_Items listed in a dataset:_
------------------------------------------------------------------------
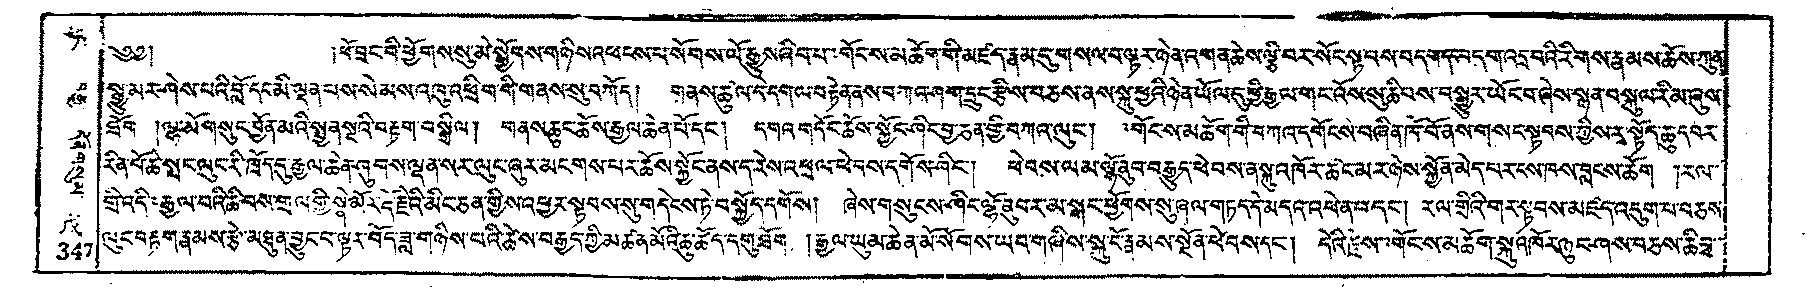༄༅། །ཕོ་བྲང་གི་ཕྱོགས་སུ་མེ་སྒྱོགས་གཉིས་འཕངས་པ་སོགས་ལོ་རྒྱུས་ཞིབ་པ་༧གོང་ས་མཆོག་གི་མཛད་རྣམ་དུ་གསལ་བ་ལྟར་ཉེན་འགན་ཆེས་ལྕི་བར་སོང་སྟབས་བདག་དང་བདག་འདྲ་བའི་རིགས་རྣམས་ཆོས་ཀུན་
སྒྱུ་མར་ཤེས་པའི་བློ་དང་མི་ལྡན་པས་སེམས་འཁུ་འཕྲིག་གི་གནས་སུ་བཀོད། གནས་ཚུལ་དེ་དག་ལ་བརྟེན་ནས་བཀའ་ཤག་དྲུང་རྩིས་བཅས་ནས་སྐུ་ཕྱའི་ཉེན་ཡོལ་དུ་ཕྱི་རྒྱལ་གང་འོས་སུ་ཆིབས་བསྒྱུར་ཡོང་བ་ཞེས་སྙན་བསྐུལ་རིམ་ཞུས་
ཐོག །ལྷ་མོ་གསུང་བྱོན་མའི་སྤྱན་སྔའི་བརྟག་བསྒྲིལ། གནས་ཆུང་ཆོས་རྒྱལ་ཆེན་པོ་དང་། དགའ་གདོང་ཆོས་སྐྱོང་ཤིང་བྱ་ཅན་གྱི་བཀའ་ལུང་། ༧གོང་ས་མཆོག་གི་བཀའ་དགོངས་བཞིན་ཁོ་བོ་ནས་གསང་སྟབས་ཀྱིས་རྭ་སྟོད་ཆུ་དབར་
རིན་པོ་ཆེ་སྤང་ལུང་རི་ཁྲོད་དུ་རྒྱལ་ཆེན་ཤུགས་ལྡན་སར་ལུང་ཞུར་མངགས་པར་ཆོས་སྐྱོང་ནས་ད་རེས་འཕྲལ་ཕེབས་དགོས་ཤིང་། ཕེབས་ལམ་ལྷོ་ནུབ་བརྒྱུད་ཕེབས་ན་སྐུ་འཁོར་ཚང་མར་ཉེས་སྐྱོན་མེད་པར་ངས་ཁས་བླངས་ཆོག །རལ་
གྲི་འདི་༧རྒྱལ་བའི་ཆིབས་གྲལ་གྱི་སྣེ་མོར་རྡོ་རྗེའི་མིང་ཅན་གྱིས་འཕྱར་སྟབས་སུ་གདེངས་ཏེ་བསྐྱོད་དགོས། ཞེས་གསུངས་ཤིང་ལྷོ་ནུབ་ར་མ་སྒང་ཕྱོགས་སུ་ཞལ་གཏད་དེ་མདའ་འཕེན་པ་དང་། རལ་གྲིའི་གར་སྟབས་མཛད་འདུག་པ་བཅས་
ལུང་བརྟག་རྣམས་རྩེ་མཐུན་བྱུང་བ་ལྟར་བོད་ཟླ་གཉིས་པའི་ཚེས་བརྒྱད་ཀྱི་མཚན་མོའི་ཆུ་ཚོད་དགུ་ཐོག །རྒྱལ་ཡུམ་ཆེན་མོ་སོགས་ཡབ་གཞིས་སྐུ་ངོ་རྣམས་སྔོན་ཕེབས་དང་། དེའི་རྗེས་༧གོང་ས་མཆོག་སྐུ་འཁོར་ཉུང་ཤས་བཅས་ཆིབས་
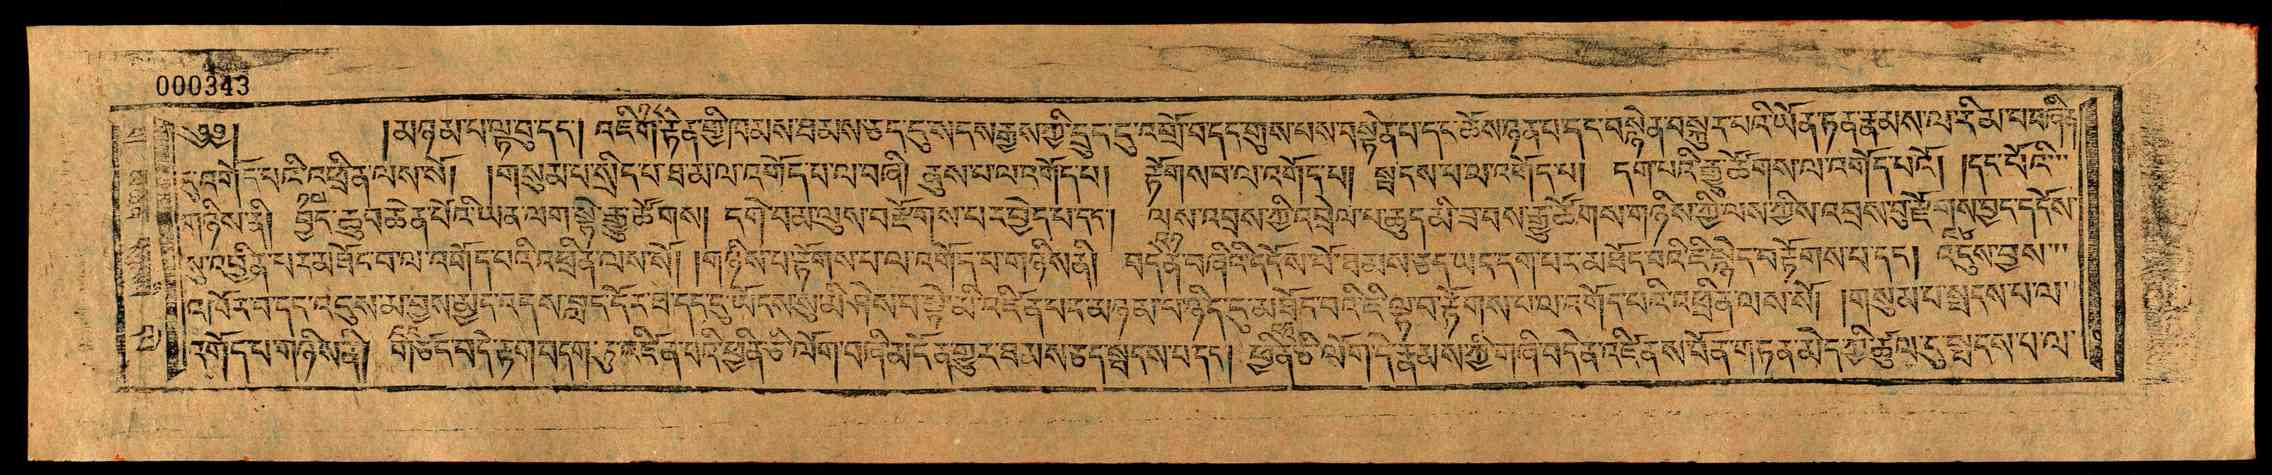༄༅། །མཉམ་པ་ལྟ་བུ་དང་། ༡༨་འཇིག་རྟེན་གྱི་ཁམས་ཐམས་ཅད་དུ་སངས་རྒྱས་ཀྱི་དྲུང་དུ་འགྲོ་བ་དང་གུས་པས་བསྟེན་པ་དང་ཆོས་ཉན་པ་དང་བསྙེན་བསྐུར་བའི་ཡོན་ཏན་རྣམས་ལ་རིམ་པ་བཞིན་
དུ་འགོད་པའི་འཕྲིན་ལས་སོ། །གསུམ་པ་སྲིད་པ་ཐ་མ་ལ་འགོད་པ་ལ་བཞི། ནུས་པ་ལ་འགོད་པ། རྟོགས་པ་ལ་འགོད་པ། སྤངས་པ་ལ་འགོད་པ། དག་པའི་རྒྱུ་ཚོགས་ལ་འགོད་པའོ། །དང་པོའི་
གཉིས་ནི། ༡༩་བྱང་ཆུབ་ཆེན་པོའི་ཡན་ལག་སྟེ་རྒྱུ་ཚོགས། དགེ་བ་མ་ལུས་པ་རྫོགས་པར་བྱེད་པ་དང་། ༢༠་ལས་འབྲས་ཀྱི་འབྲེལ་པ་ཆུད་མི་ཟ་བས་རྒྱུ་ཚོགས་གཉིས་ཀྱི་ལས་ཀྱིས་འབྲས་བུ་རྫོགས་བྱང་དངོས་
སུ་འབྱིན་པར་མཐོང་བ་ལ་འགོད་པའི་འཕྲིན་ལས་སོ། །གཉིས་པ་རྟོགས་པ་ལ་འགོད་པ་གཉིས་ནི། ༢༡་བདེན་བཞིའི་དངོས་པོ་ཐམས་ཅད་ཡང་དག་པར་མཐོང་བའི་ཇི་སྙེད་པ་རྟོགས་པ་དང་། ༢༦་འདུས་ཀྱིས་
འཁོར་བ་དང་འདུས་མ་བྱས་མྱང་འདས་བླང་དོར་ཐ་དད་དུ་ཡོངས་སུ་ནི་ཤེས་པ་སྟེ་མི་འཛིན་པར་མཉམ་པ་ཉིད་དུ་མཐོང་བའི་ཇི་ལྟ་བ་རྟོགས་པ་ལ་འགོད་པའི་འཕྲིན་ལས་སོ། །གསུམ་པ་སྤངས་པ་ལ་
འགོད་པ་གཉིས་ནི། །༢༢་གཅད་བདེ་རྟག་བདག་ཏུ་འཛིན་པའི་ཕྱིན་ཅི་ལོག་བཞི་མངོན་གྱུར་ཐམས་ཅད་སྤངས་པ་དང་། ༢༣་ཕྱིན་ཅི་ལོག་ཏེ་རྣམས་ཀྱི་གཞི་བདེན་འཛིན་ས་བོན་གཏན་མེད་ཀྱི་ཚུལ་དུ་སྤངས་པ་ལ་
------------------------------------------------------------------------
_WHAT YOU SHOULD DO:_ Please print each of the records word for word, keeping the pictures out.

_WRITTEN ANSWER:_
༄༅། །ཕོ་བྲང་གི་ཕྱོགས་སུ་མེ་སྒྱོགས་གཉིས་འཕངས་པ་སོགས་ལོ་རྒྱུས་ཞིབ་པ་༧གོང་ས་མཆོག་གི་མཛད་རྣམ་དུ་གསལ་བ་ལྟར་ཉེན་འགན་ཆེས་ལྕི་བར་སོང་སྟབས་བདག་དང་བདག་འདྲ་བའི་རིགས་རྣམས་ཆོས་ཀུན་
སྒྱུ་མར་ཤེས་པའི་བློ་དང་མི་ལྡན་པས་སེམས་འཁུ་འཕྲིག་གི་གནས་སུ་བཀོད། གནས་ཚུལ་དེ་དག་ལ་བརྟེན་ནས་བཀའ་ཤག་དྲུང་རྩིས་བཅས་ནས་སྐུ་ཕྱའི་ཉེན་ཡོལ་དུ་ཕྱི་རྒྱལ་གང་འོས་སུ་ཆིབས་བསྒྱུར་ཡོང་བ་ཞེས་སྙན་བསྐུལ་རིམ་ཞུས་
ཐོག །ལྷ་མོ་གསུང་བྱོན་མའི་སྤྱན་སྔའི་བརྟག་བསྒྲིལ། གནས་ཆུང་ཆོས་རྒྱལ་ཆེན་པོ་དང་། དགའ་གདོང་ཆོས་སྐྱོང་ཤིང་བྱ་ཅན་གྱི་བཀའ་ལུང་། ༧གོང་ས་མཆོག་གི་བཀའ་དགོངས་བཞིན་ཁོ་བོ་ནས་གསང་སྟབས་ཀྱིས་རྭ་སྟོད་ཆུ་དབར་
རིན་པོ་ཆེ་སྤང་ལུང་རི་ཁྲོད་དུ་རྒྱལ་ཆེན་ཤུགས་ལྡན་སར་ལུང་ཞུར་མངགས་པར་ཆོས་སྐྱོང་ནས་ད་རེས་འཕྲལ་ཕེབས་དགོས་ཤིང་། ཕེབས་ལམ་ལྷོ་ནུབ་བརྒྱུད་ཕེབས་ན་སྐུ་འཁོར་ཚང་མར་ཉེས་སྐྱོན་མེད་པར་ངས་ཁས་བླངས་ཆོག །རལ་
གྲི་འདི་༧རྒྱལ་བའི་ཆིབས་གྲལ་གྱི་སྣེ་མོར་རྡོ་རྗེའི་མིང་ཅན་གྱིས་འཕྱར་སྟབས་སུ་གདེངས་ཏེ་བསྐྱོད་དགོས། ཞེས་གསུངས་ཤིང་ལྷོ་ནུབ་ར་མ་སྒང་ཕྱོགས་སུ་ཞལ་གཏད་དེ་མདའ་འཕེན་པ་དང་། རལ་གྲིའི་གར་སྟབས་མཛད་འདུག་པ་བཅས་
ལུང་བརྟག་རྣམས་རྩེ་མཐུན་བྱུང་བ་ལྟར་བོད་ཟླ་གཉིས་པའི་ཚེས་བརྒྱད་ཀྱི་མཚན་མོའི་ཆུ་ཚོད་དགུ་ཐོག །རྒྱལ་ཡུམ་ཆེན་མོ་སོགས་ཡབ་གཞིས་སྐུ་ངོ་རྣམས་སྔོན་ཕེབས་དང་། དེའི་རྗེས་༧གོང་ས་མཆོག་སྐུ་འཁོར་ཉུང་ཤས་བཅས་ཆིབས་
༄༅། །མཉམ་པ་ལྟ་བུ་དང་། ༡༨་འཇིག་རྟེན་གྱི་ཁམས་ཐམས་ཅད་དུ་སངས་རྒྱས་ཀྱི་དྲུང་དུ་འགྲོ་བ་དང་གུས་པས་བསྟེན་པ་དང་ཆོས་ཉན་པ་དང་བསྙེན་བསྐུར་བའི་ཡོན་ཏན་རྣམས་ལ་རིམ་པ་བཞིན་
དུ་འགོད་པའི་འཕྲིན་ལས་སོ། །གསུམ་པ་སྲིད་པ་ཐ་མ་ལ་འགོད་པ་ལ་བཞི། ནུས་པ་ལ་འགོད་པ། རྟོགས་པ་ལ་འགོད་པ། སྤངས་པ་ལ་འགོད་པ། དག་པའི་རྒྱུ་ཚོགས་ལ་འགོད་པའོ། །དང་པོའི་
གཉིས་ནི། ༡༩་བྱང་ཆུབ་ཆེན་པོའི་ཡན་ལག་སྟེ་རྒྱུ་ཚོགས། དགེ་བ་མ་ལུས་པ་རྫོགས་པར་བྱེད་པ་དང་། ༢༠་ལས་འབྲས་ཀྱི་འབྲེལ་པ་ཆུད་མི་ཟ་བས་རྒྱུ་ཚོགས་གཉིས་ཀྱི་ལས་ཀྱིས་འབྲས་བུ་རྫོགས་བྱང་དངོས་
སུ་འབྱིན་པར་མཐོང་བ་ལ་འགོད་པའི་འཕྲིན་ལས་སོ། །གཉིས་པ་རྟོགས་པ་ལ་འགོད་པ་གཉིས་ནི། ༢༡་བདེན་བཞིའི་དངོས་པོ་ཐམས་ཅད་ཡང་དག་པར་མཐོང་བའི་ཇི་སྙེད་པ་རྟོགས་པ་དང་། ༢༦་འདུས་ཀྱིས་
འཁོར་བ་དང་འདུས་མ་བྱས་མྱང་འདས་བླང་དོར་ཐ་དད་དུ་ཡོངས་སུ་ནི་ཤེས་པ་སྟེ་མི་འཛིན་པར་མཉམ་པ་ཉིད་དུ་མཐོང་བའི་ཇི་ལྟ་བ་རྟོགས་པ་ལ་འགོད་པའི་འཕྲིན་ལས་སོ། །གསུམ་པ་སྤངས་པ་ལ་
འགོད་པ་གཉིས་ནི། །༢༢་གཅད་བདེ་རྟག་བདག་ཏུ་འཛིན་པའི་ཕྱིན་ཅི་ལོག་བཞི་མངོན་གྱུར་ཐམས་ཅད་སྤངས་པ་དང་། ༢༣་ཕྱིན་ཅི་ལོག་ཏེ་རྣམས་ཀྱི་གཞི་བདེན་འཛིན་ས་བོན་གཏན་མེད་ཀྱི་ཚུལ་དུ་སྤངས་པ་ལ་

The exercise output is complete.